I’ve followed Chuck Palahniuk since his unknown days. I am one of the few who can honestly say I read Fight Club before it became Brad Pitt’s Fight Club. I still follow his work, although, when he takes artistic chances (which artists should), I may not always choose to take those chances with him. And some of his later works, such as Rant, I found stuffed with great ideas and characters, but too full of plot holes to be taken seriously. Let’s just say I’m an affectionate critic. Or a skeptical fan.

His newest book, Damned, has an interesting premise and a 13-year-old girl as a protagonist. His last try at a feminine protagonist, Diary, was uneven at best. I was curious to see if he could pull this off (although by choosing a pre-pubescent girl, he at least made it a little easier on himself, difference-from-males-wise).

So here’s what I think, in short, because I hate long book and movie reviews that could serve as a miniature version of the book or movie. None of that here.

Even though the book opens with our 13-year-old hero, Madison, in a filthy cage in Hell, and the wordsmithery is fun and, well, Diablo Cody-esque, I didn’t feel compelled to keep reading until about halfway through, where the one important bit of plot intrigue is revealed. From page 1 to page 124, our author relies on Madison’s snappy banter with her Hell-mates, her memories of her jet-setting parents and her tours through Palahniuk’s concept of Hell, which, if not exactly biblically based, is very Palahniuk-y, being equal parts jolly and gross. It’s a long set-up to the payoff. A slow burn. I understand. But it made the first half of the book less than a page turner.

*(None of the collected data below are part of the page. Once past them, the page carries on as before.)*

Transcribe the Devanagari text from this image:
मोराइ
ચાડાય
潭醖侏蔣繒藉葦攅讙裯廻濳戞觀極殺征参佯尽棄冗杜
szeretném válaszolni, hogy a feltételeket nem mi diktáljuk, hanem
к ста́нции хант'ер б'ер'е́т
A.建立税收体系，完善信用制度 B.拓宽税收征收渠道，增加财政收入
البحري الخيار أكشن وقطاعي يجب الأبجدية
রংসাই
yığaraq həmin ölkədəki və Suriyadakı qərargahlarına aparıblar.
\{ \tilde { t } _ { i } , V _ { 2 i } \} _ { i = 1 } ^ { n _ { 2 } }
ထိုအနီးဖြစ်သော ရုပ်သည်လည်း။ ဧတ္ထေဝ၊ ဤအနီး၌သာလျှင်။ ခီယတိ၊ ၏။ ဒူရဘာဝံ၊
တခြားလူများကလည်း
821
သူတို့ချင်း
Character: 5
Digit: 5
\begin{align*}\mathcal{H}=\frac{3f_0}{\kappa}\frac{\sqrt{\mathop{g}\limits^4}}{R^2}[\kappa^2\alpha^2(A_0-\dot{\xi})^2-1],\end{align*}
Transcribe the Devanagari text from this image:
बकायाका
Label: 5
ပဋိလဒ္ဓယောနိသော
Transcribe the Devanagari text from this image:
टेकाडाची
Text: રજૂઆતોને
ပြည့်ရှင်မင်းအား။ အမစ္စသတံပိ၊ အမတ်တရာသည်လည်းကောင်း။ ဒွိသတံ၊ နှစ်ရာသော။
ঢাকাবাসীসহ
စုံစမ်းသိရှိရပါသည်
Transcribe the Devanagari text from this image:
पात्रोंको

By the end I was thoroughly on board. However, Palahniuk’s use of dropping the reader into a scene with few linear time-line cues gave the book a dream-like hue, and I became more than a little worried that I was heading toward one of those “and then she woke up smelling eggs and bacon” endings. Luckily, he did not disappoint me with one of those, but he disappointed in a larger way with the last sentence, as he certainly had not hinted that this would be a BOOK ONE in a SERIES.

My final thought was to wonder why he had not collaborated with an artist and made Madison’s story into a series of illustrated novels. His imaginative imagery of Hell and the super-hero qualities Madison eventually develops are ideally suited for illustration. Okay, Chuck, I’LL do it if you can’t find anybody else. But think about it. Pictures of Hell’s ever-growing lake of semen? The dunes of discarded nail clippings? A conquering 13-year-old heroine with a belt of spoils, including Hitler’s scalped mustache? That’s comic book stuff right there.